All securities issued under the First Tranche, including securities issuable on exercise thereof, are subject to a hold period expiring June 24, 2024, in accordance with the rules and policies of the Exchange and applicable Canadian securities laws.

The First Tranche constituted a “related party transaction” as defined in Multilateral Instrument 61-101 – Protection of Minority Securityholders in Special Transactions (“MI 61-101”), as two related parties of the Company acquired an aggregate of 1,333,333 Units. Following the acquisition, JJ Wilson, Chair of the Board and a Director, holds 6,991,750 Common Shares or 7.85% of the Company and Dane Stevens, Chief Marketing Officer and a Director, holds 8,865,483 Common Shares or 9.95% of the Company. The Company is relying on the exemptions from the valuation and minority shareholder approval requirements of MI 61-101 contained in sections 5.5(a) and 5.7(1)(a) of MI 61-101, as the fair market value of the participation in the Offering by the insiders does not exceed 25% of the market capitalization of the Company, as determined in accordance with MI 61-101.

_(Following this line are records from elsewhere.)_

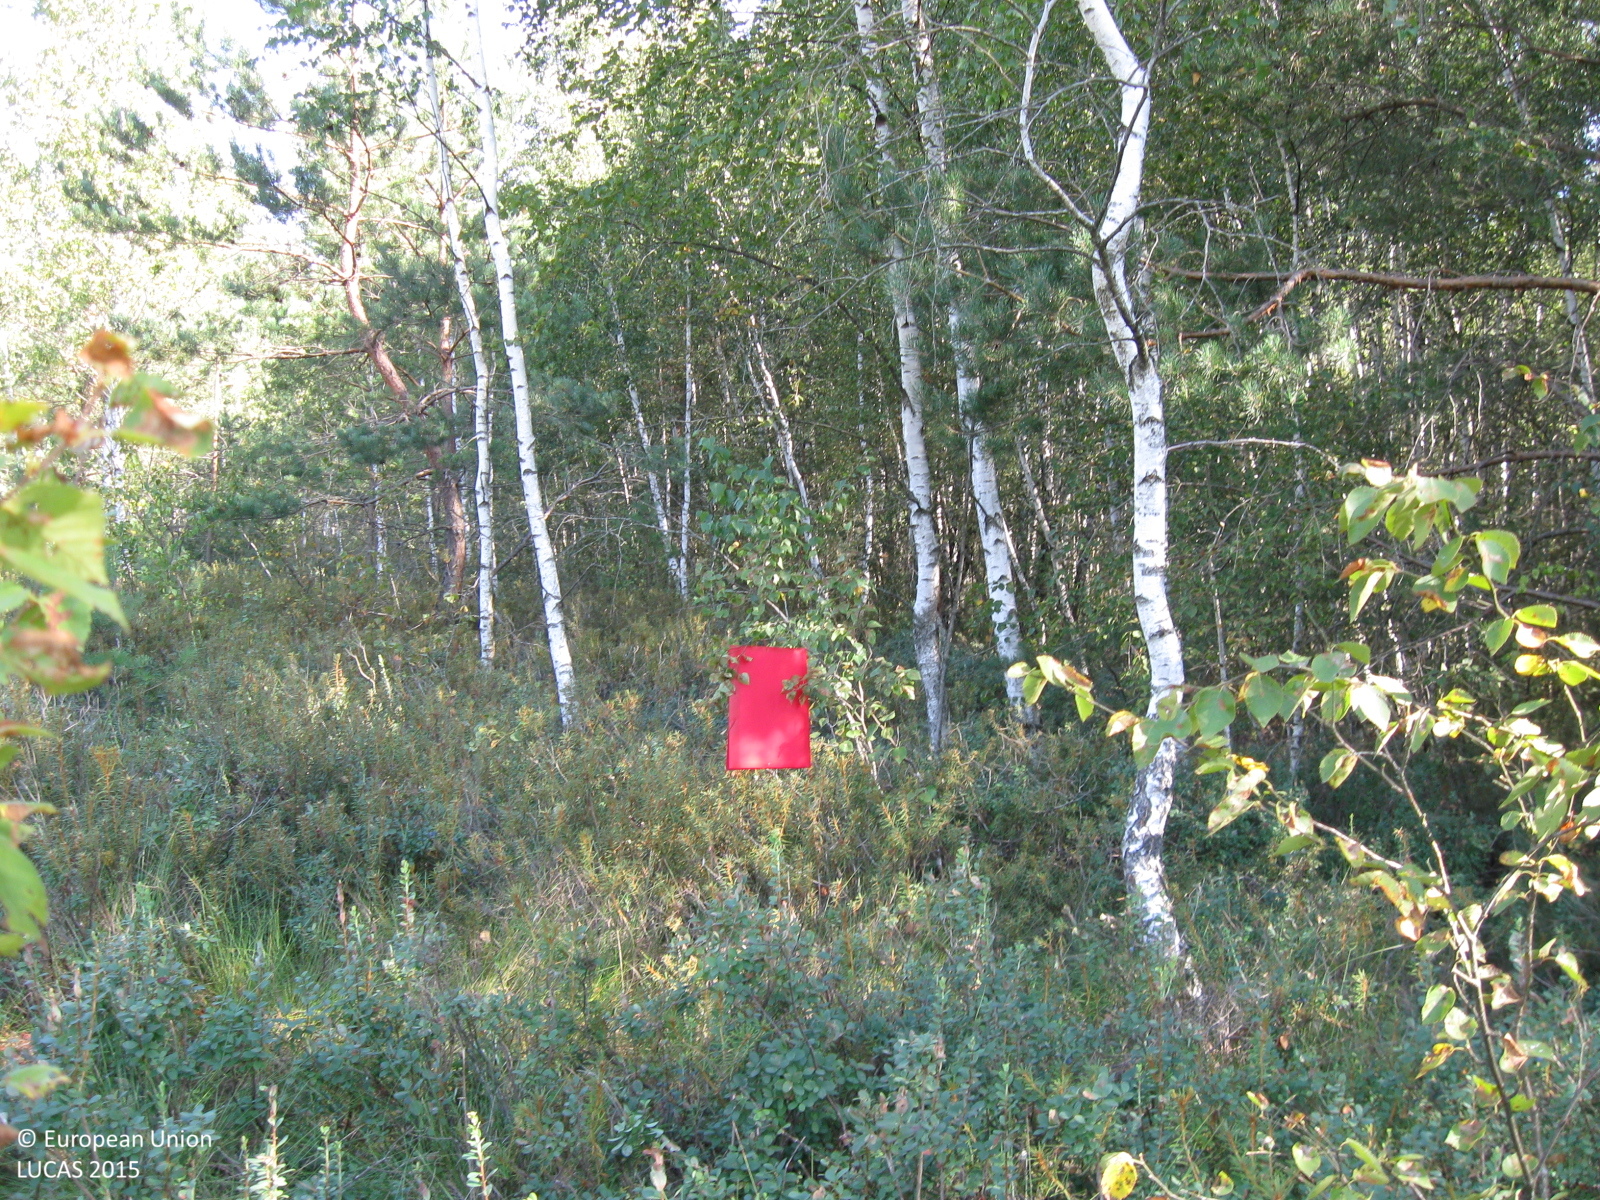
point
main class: Woodland
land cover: Pine dominated mixed woodland
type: mire and swamp forests
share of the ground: 50 - 75 %
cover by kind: broadleaved forest trees 35 %, shrubs 35 %, coniferous forest trees 15 %, herbaceous plants 10 %, lichens and mosses 5 %
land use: Forestry
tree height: > 5 m
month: August
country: LT
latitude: 55.1288
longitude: 22.7543
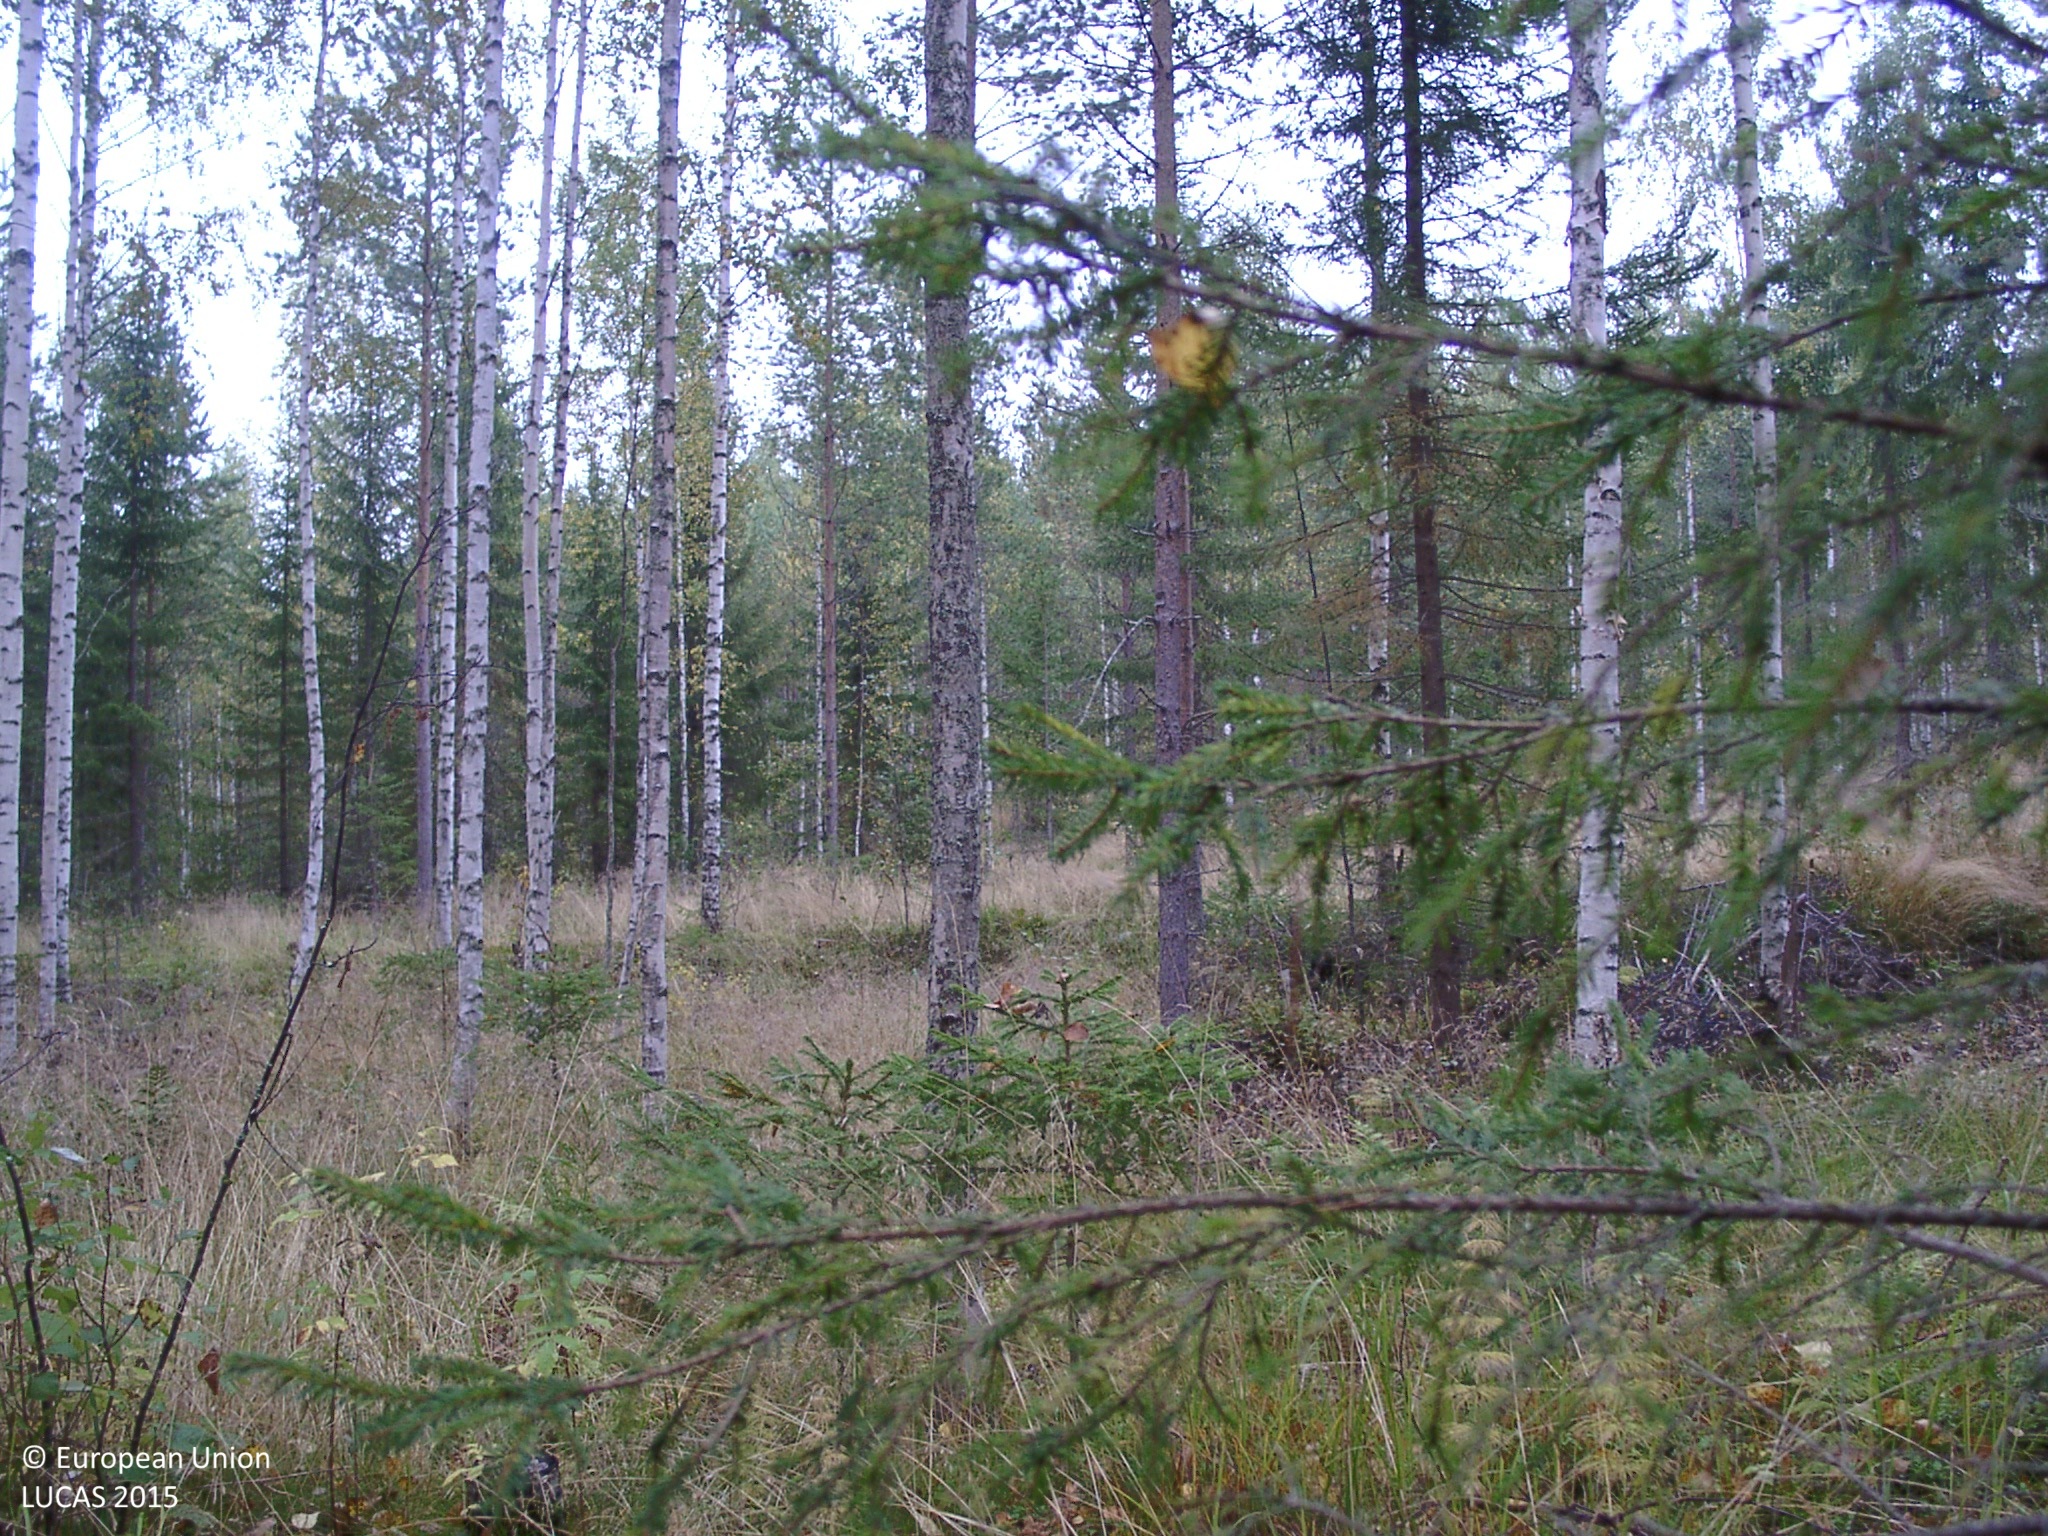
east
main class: Woodland
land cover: Pine dominated mixed woodland
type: boreal forest
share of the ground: 50 - 75 %
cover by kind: coniferous forest trees 45 %, herbaceous plants 30 %, broadleaved forest trees 25 %
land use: Forestry
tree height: > 5 m
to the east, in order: Ditches and canals; Broadleaved woodland; Other mixed woodland; Ditches and canals; Groves; Tracks; Grass margins; Ditches and canals; Other mixed woodland; Pine dominated mixed woodland; Broadleaved woodland; Other mixed woodland; Broadleaved woodland; Pine dominated coniferous woodland
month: September
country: FI
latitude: 62.7141
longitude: 25.7782

In addition to the financing, the Company also announces that specific founders have agreed to a one-year voluntary lock-up period for their founder shares. The last portion of these shares was initially set to be released from escrow on February 23, 2024, marking 36 months from Optimi’s original listing date. Consequently, a total of 2,916,000 founder shares will remain voluntarily locked up. This additional commitment, along with the founders’ participation in the financing, emphasizes their dedication to commercializing the business and establishing sustainable markets for its products.